As early as June last year, the Financial Services Authority, stated that consultancy charging was inappropriate if it reduced ‘net’ contributions below the minimum level required for qualifying purposes. And yet, it could be argued that this is also precisely what the initial charge levied by Nest also does.
So while we endorse the decision to ban consultancy charging for auto-enrolment schemes and support the real need for Nest in the marketplace, the outcome of this review does seem somewhat ironic.
Also contained within the statement was affirmation that there will be serious consideration given to applying a cap on the charge which can be levied on auto-enrolment schemes.
Unsurprisingly, the champions of Group SIPP arrangements have been quick to lobby that such a charge cap only covers the scheme’s default fund rather than all the fund choices available to members under their offerings.

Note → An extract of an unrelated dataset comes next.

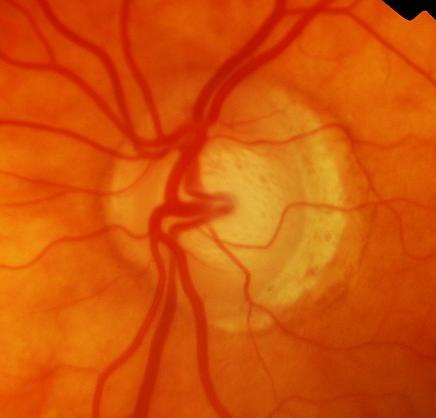

Glaucoma diagnosis: evidence of glaucoma.

Charging caps have actually been rather effective in the DC marketplace. For all its faults and failings, the 1 per cent cap introduced through the stakeholder legislation undoubtedly drove down costs in the bundled DC market.

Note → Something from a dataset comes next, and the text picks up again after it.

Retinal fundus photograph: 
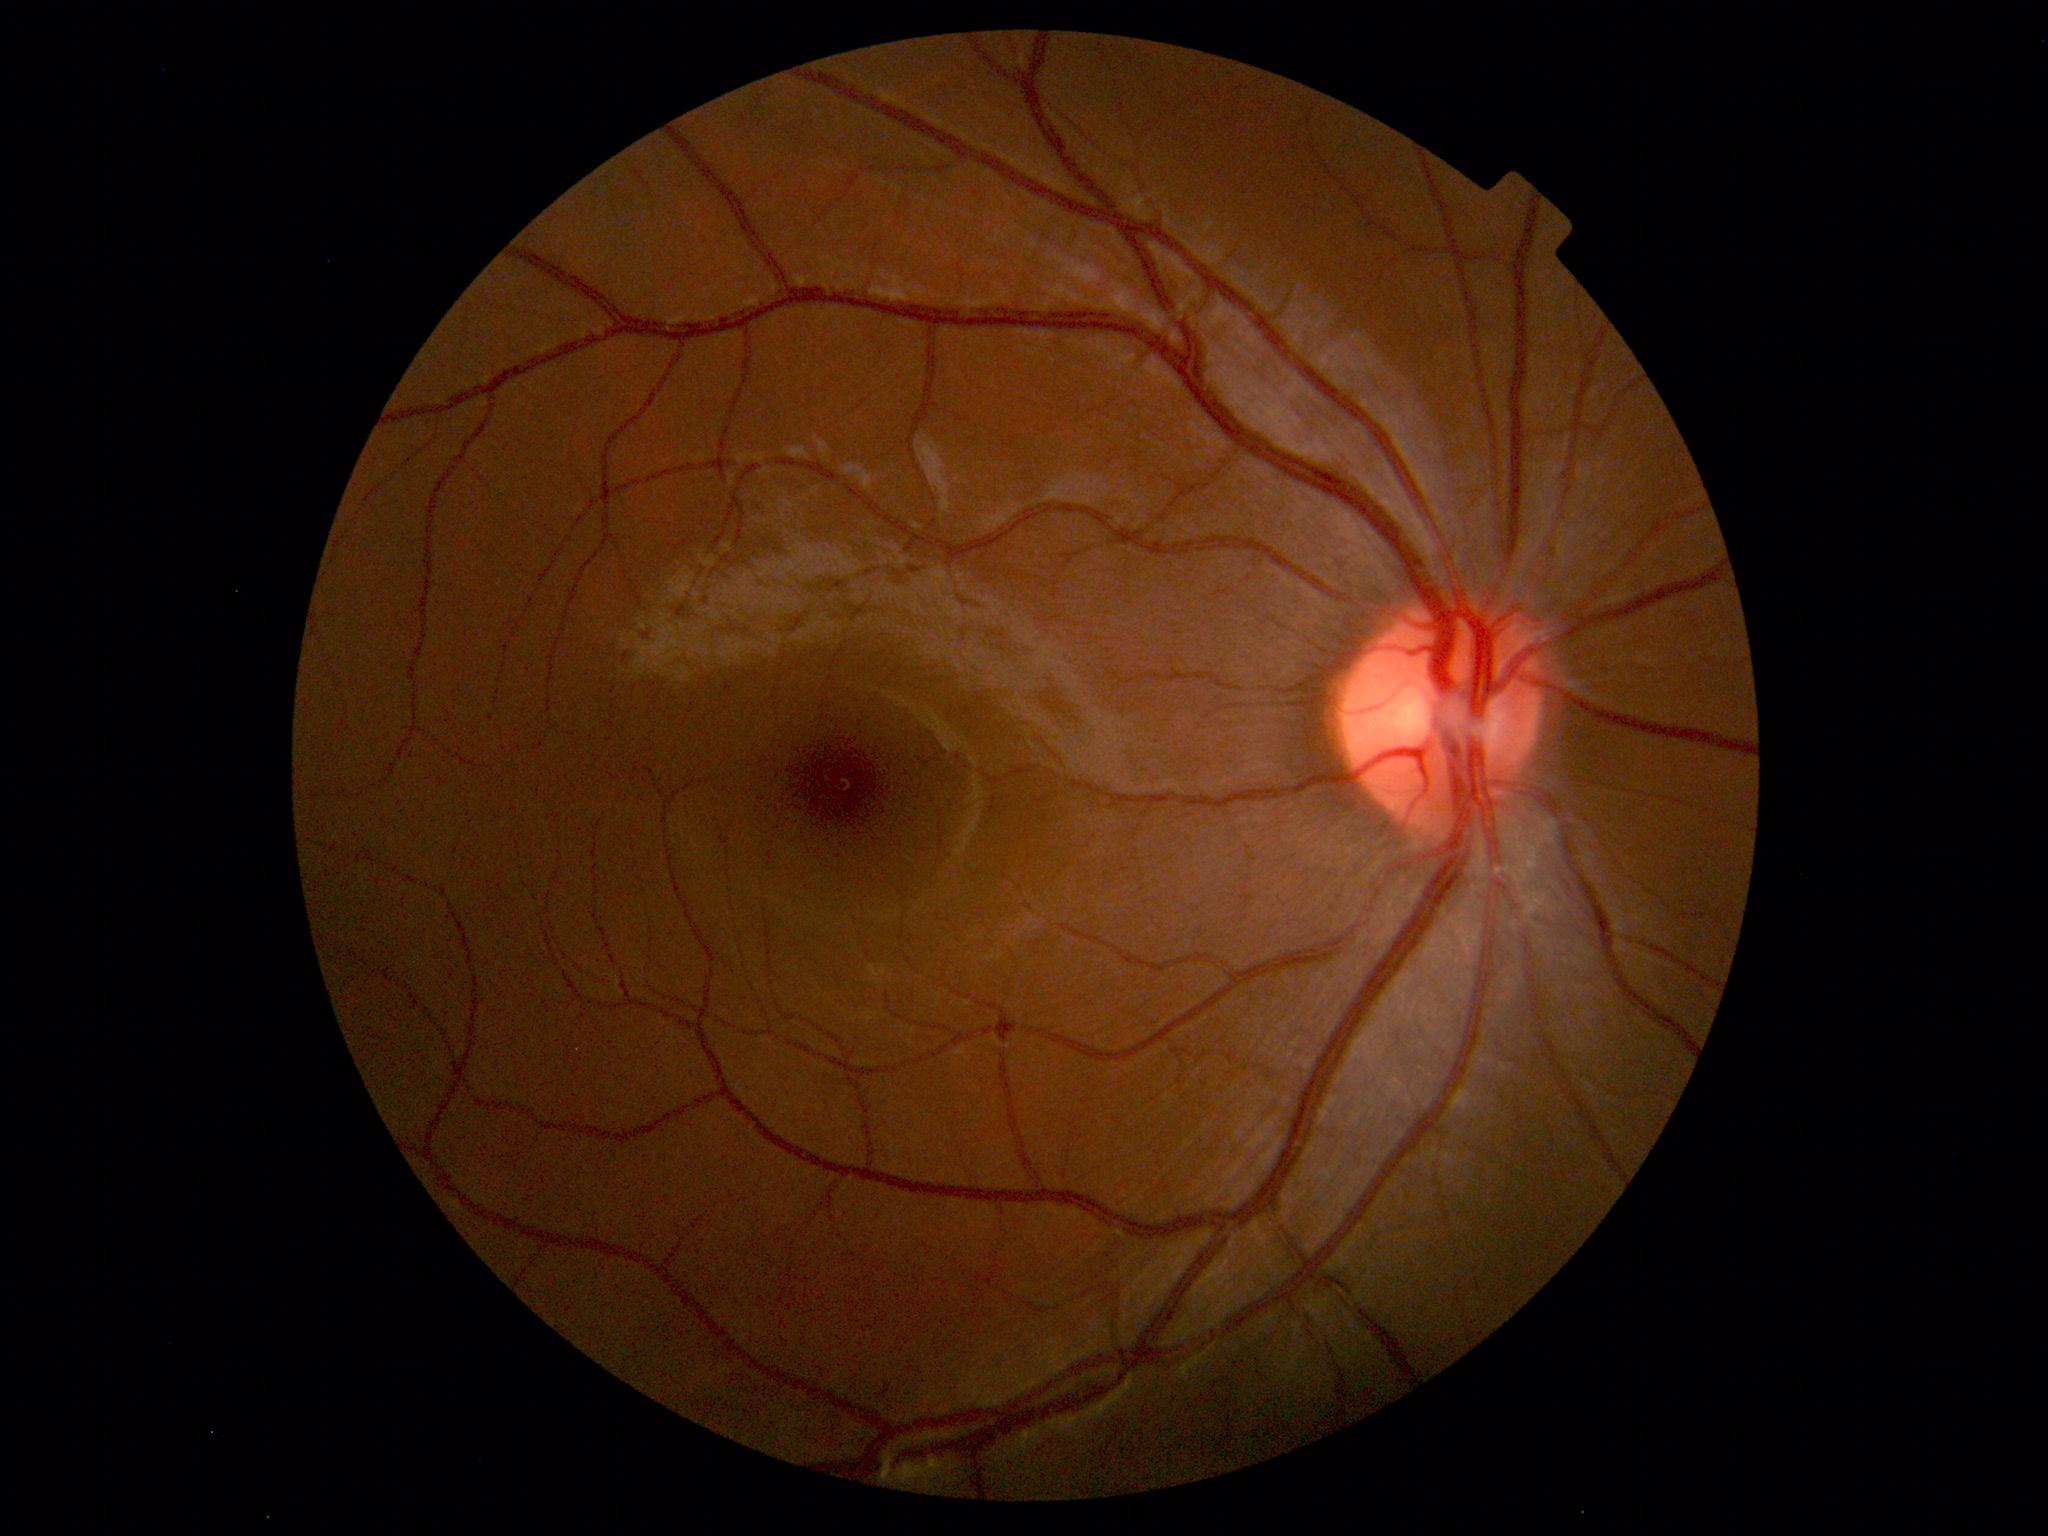 No retinal pathology identified.

However the initial charge applied to contributions into Nest does again rather muddy the water when considering a charge cap. Should it be included in the calculation of the overall effective deduction being made? It would seem logical to do so.
But if it is included, its impact varies greatly depending on the timeframe of contributions being paid. In its own review of its charging structure, Nest acknowledges that older savers or those who only save for a short period may be worse off due to its combination of charges.

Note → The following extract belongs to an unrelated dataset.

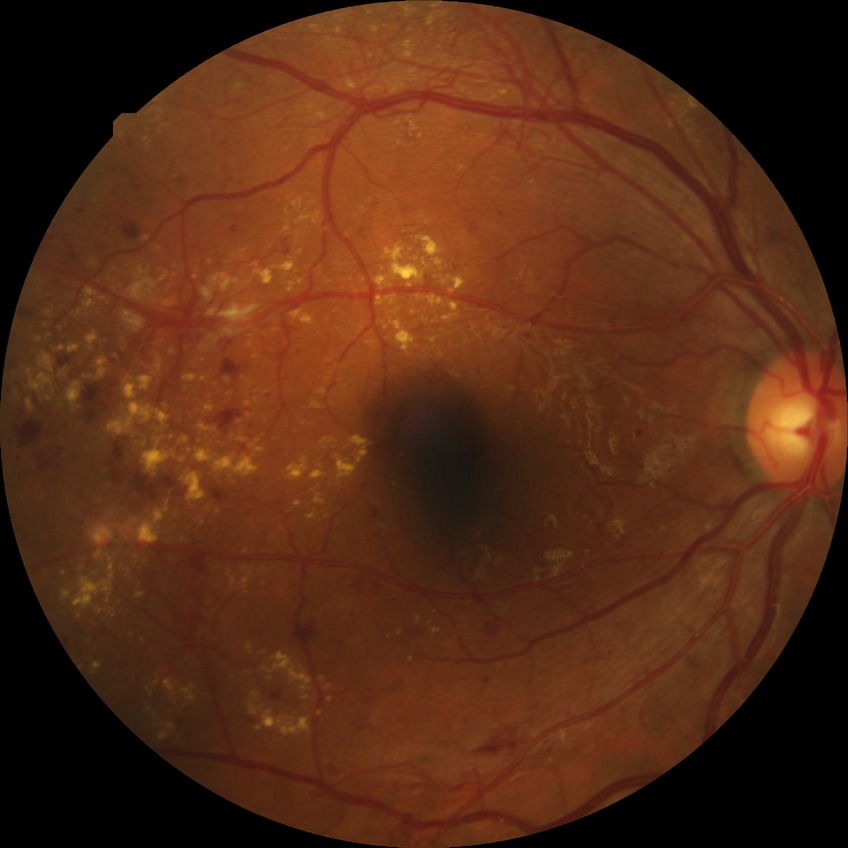
diabetic retinopathy (DR): PDR (proliferative diabetic retinopathy).

Presumably to resolve this conundrum, it will be necessary to consider the impact of a scheme’s costs for an ‘average’ saver when setting a maximum acceptable level of charge.
The argument that the initial charge for Nest could be excluded as it is only temporary would carry greater weight were it not for the fact that ‘temporary’ is estimated to be 20 years.
Indeed, if the initial charge were to be excluded from the price cap, this would presumably lead to a rise in combination charging in the market which would again be rather counter-intuitive. Clarity is the watchword and a return to more complex charging structures is not a desirable outcome.
If nothing else this all serves to demonstrate how complex effective regulation of the DC market can be – especially the bundled DC market where administration, fund management and other costs are all wrapped together.
With so much of the auto-enrolment experiment currently exceeding expectations, it may seem churlish to be picking at such matters but as staging dates progress and more and more smaller employers enter the fold, it is only right to continue to pursue the best possible legislation and regulation to create the most receptive environment for good member outcomes.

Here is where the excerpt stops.